<h1><center>Twitter Data Analysis</center></h1>

# Problem Statement

[DATA COLLECTION](#DATA-COLLECTION)
1. Collect a random sample of 10K tweets using the Twitter API and store them in a MongoDB instance.
2. From these collected tweets, parse the 5 most frequently occurring [named-entities](Entity Recognition & Sentiment Analysis.ipynb) (can be a name, person, location, product etc).
3. Now, collect the [latest news from various news source APIs](Entity Recognition & Sentiment Analysis.ipynb) featuring the named-entities you got from Step 2 (use at least one other API/library other than Twitter's to collect this data).


[ANALYSIS](#ANALYSIS)
0. Perform a [Sentiment Analysis](Entity Recognition & Sentiment Analysis.ipynb) on the data collected in Step 1 and 3, and compare the twitter and news sentiments for the common named-entities. Also, do a qualitative comparison of the predicted sentiment versus the original sentiment of the tweet and news articles.
9. You should also perform [temporal](Temporal Analysis Final.ipynb), [spatial](Spatial Analysis.ipynb) and [content analysis](Content Analysis.ipynb) on the collected data.
0. Report these results you found in the steps 5 & 6 using graphs. Brownie points for cool interactive visualisations.
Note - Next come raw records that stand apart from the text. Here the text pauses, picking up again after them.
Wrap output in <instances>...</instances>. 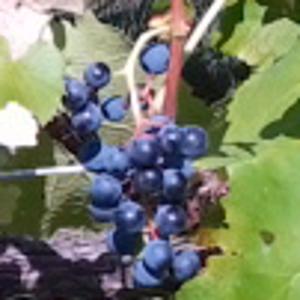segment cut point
<instances>
[{
    "label": "cut point",
    "mask_w": 300,
    "mask_h": 300,
    "mask_svg": "<svg viewBox=\"0 0 300 300\" xmlns=\"http://www.w3.org/2000/svg\"><path fill=\"white\" fill-rule=\"evenodd\" d=\"M83 165H67L48 168H19L11 170H0V179H16L24 177H53L71 174H83Z\"/></svg>",
    "instance_id": "cut-point-2"
},
{
    "label": "cut point",
    "mask_w": 300,
    "mask_h": 300,
    "mask_svg": "<svg viewBox=\"0 0 300 300\" xmlns=\"http://www.w3.org/2000/svg\"><path fill=\"white\" fill-rule=\"evenodd\" d=\"M171 30L170 24H166L165 26H160L155 29H151L146 33H143L140 38H138L131 49V55L128 59L127 66H126V76H127V83H128V95L130 104L132 105L133 109V117L134 122L137 127H141L147 123V120L144 116H142V111L139 106V102L137 101L136 92H135V80H134V64L139 56L140 51L145 46L146 42L154 37L161 35L163 33H167Z\"/></svg>",
    "instance_id": "cut-point-1"
}]
</instances>
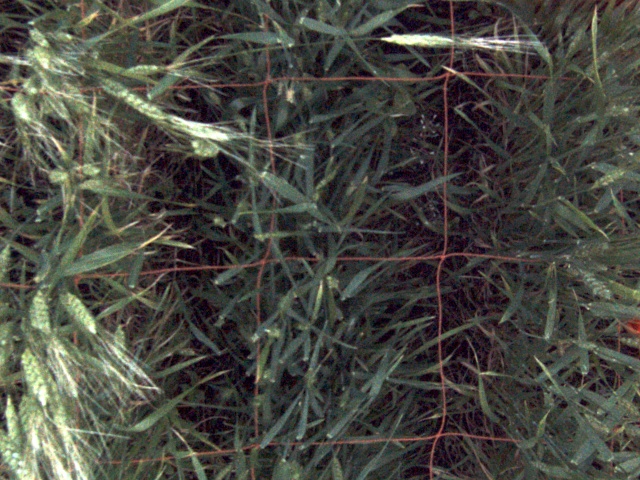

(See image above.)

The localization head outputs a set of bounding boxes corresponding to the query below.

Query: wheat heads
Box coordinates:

[APPLICATION](#APPLICATION)
7. Set up a web application on Heroku or Digital Ocean Droplet with a user interface where we can input a named-entity and get the comparison between the news and twitter sentiments as an output.
8. Put all your code, along with the MongoDB collection, in a GitHub repository and share the link with us. Also, maintain a README.md explaining your codebase and the approach you took.

_**Please note:**_ The analysis is carried out in different Jupyter Notebooks. Please link on the links in the above cell to access the sheets. 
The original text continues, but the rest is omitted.